Breite und Länge einer Aufweitung bestimmen welche Gerinneform sich einstellt (alternierende Kiesbänke, verzweigtes Gerinne), welche auentypischen Lebensräume und Strukturen geschaffen werden und um wie viel die Gerinnesohle angehoben werden kann.

 

 

Die Angaben beziehen sich auf Flüsse im schweizerischen Alpen- und Voralpengebiet.

Für h muss je nach Gewässertyp die Abflusstiefe von Abflüssen zwischen QD und HQ5 eingesetzt werden.
QD bezeichnet den Abfluss, bei welchem die Deckschicht der Flusssohle in Bewegung gerät und HQ5 einen Hochwasserabfluss, der im Durchschnitt alle fünf Jahre einmal erreicht oder überschritten wird.

 

Breite einer Aufweitung

 
 

Die sich einstellende Gerinneform (alternierende Bänke, verzweigtes Gerinne) ist im wesentlichen ein Funktion der Breite B, der bettbildenden Abflusstiefe h und des charakteristischen Korndurchmessers d. Dabei ist die Breite jener Faktor, der mit einer Aufweitung beeinflusst werden kann und daher im Vordergrund steht.
In der Literatur wurden verschiedene Kriterien aufgestellt, nach welchen das Auftreten der einen oder anderen Gerinneform vorhergesagt werden kann. Als Faustregel für die Flüsse im schweizerischen Alpen- und Voralpengebiet kann angenommen werden, dass sich bei einem Verhältnis

 
     
 

B / h ≥ 30     Bänke bilden können,

(1)  
       
  und dass sich das Gerinne bei einem Verhältnis    
       
 

B / h ≥ 50     verzweigt.

(2)  
       
 

Die so ermittelte Breite bezieht sich jedoch nur auf das unmittelbare Gewässerbett.

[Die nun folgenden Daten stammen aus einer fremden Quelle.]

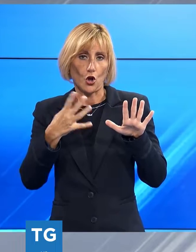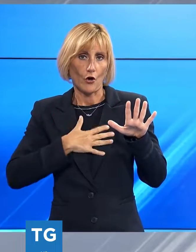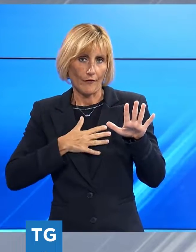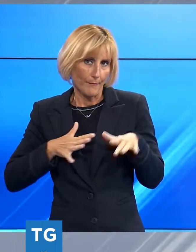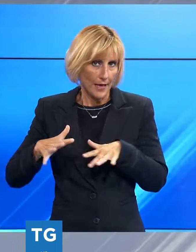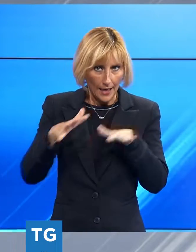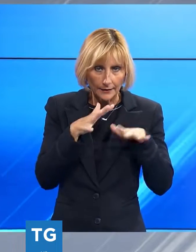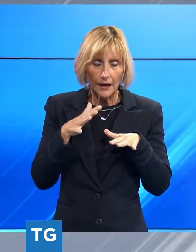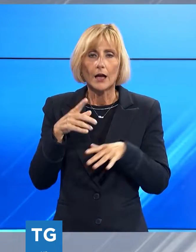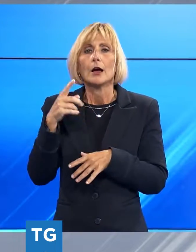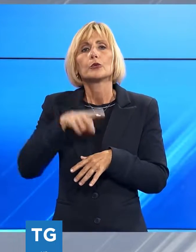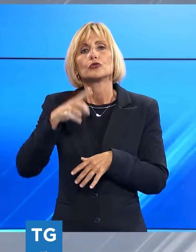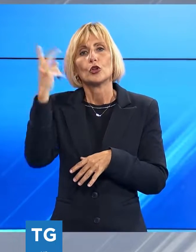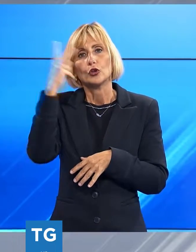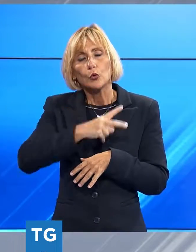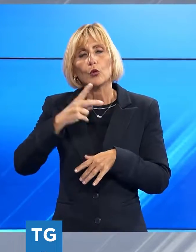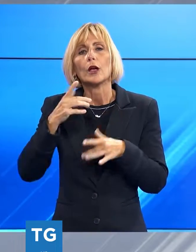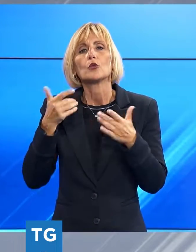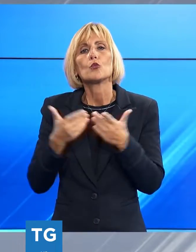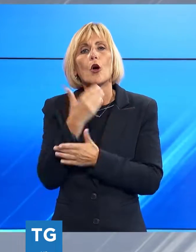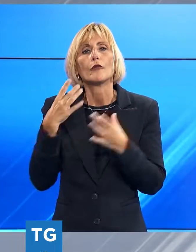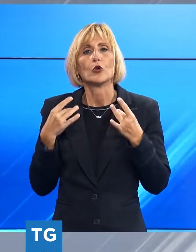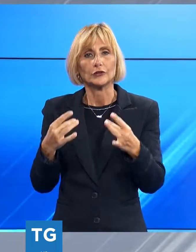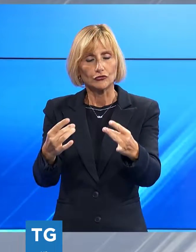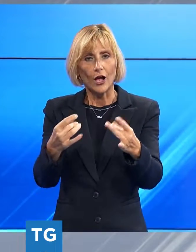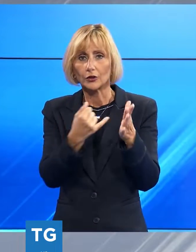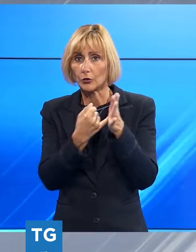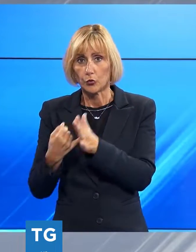nuovi contagiati sono stati invece nelle ultime 24 ore.

Kann dem Flussraum nicht mehr Spielraum gewährt werden kommt es zur Ausbildung einer mehr oder weniger "statischen" Aufweitung mit vereinzelten Bänken oder Inseln. Diese Breite wird im folgenden als Baufw bezeichnet.

Damit sich eine gewisse, flusstypische Dynamik und ein möglichst breites Spektrum auentypischer Lebensräume entwickeln können, sollte dem Fluss mehr Spielraum gewährt werden:

Mindestbreite:                Bdyn_min = 2 * (50*h)

anzustrebende Breite:   Bdyn_ziel = 3 * (50*h)

Detaillierte Hinweise finden Sie in den Handlungsempfehlungen Nr.2.

 

   
 

Länge einer Aufweitung

   
 

Bei der Dimensionierung der Länge muss der übergeordnete Geschiebehaushalt berücksichtigt werden, damit es nicht zu unerwünschten Erosionen im Unterlauf (oder in seltenen Fällen zu starken Auflandungen im Oberlauf) der Aufweitung kommen kann.

Die Länge der Aufweitung bestimmt, um wie viel die Sohle im Oberwasser angehoben werden kann. Berechnungshinweise finden Sie in Hunzinger (1998).

Daneben bestimmt die Länge welche auentypischen Lebensräume sich ausbilden können und die zeitliche und räumliche Kontinuität der Lebensraumvorkommen. Detaillierte Hinweise finden Sie in den Handlungsempfehlungen Nr.2.